On Monday, April 28, 2014, the United States expanded its Ukraine-related sanctions program, designating an additional seven Russian individuals and seventeen entities. (See Updated List of Specially Designated Nationals and Blocked Persons.)

Notably, the list included Igor Sechin, the President and Chairman of Russia's leading oil company, Rosneft. The list did not include Rosneft itself and, to preclude any questions about the effect of Sechin's designation, the Treasury Department's press release announcing the new sanctions included a statement confirming that Rosneft "has not been sanctioned." Each of the entities designated by the U.S. on April 28 was named due to its relationship to (i.e., being owned or controlled by) four previously designated Russian oligarchs and one entity: Arkady and Boris Rotenberg, Gennady Timchenko, Yuri Kovalchuk, and Bank Rossiya. All of the new additions were made under the authority of Executive Order 13661 (UKRAINE 2). To date, no designations have been made under Executive Order 13662, which authorizes sector-based sanctions against broad swaths of the Russian economy.

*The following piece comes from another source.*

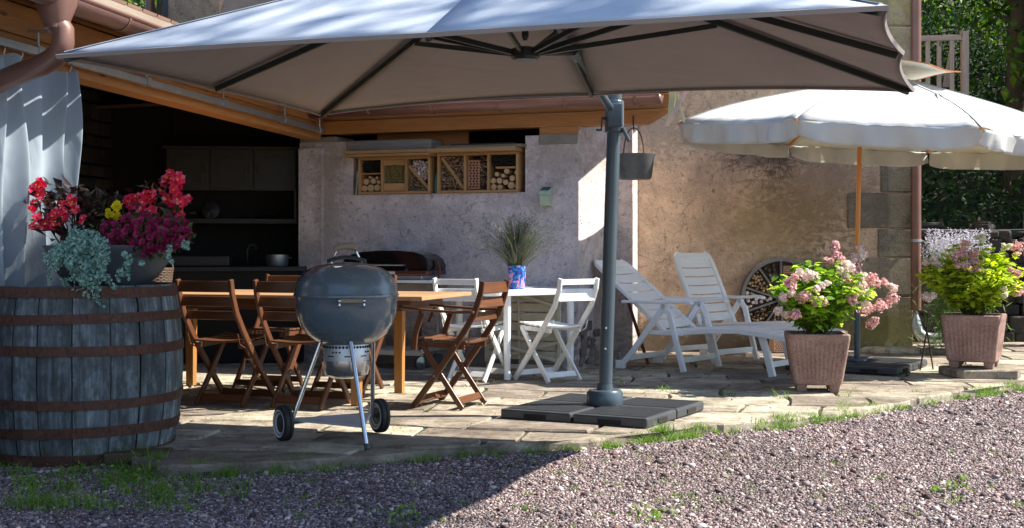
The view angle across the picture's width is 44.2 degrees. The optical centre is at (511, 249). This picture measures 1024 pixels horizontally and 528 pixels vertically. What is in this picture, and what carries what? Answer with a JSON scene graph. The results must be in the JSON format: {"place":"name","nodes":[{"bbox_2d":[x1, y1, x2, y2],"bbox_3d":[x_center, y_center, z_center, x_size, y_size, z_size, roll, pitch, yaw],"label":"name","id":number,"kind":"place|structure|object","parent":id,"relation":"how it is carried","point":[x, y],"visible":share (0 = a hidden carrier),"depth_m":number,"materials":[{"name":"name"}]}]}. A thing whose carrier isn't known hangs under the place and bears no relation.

The Obama Administration was joined by Canada, which imposed sanctions on nine individuals and two entities, and by the European Union, which announced that it had imposed sanctions on an additional fifteen individuals. The Canadian amendments included five of the seven individuals named by the U.S. on April 28, as well as the oligarch brothers Arkady and Boris Rotenberg (whom the U.S. had previously designated on March 20). The additions to the EU sanctions list are to be made public on Tuesday, April 29. An updated list of Russian and Ukrainian individuals and entities sanctioned by all jurisdictions is available here.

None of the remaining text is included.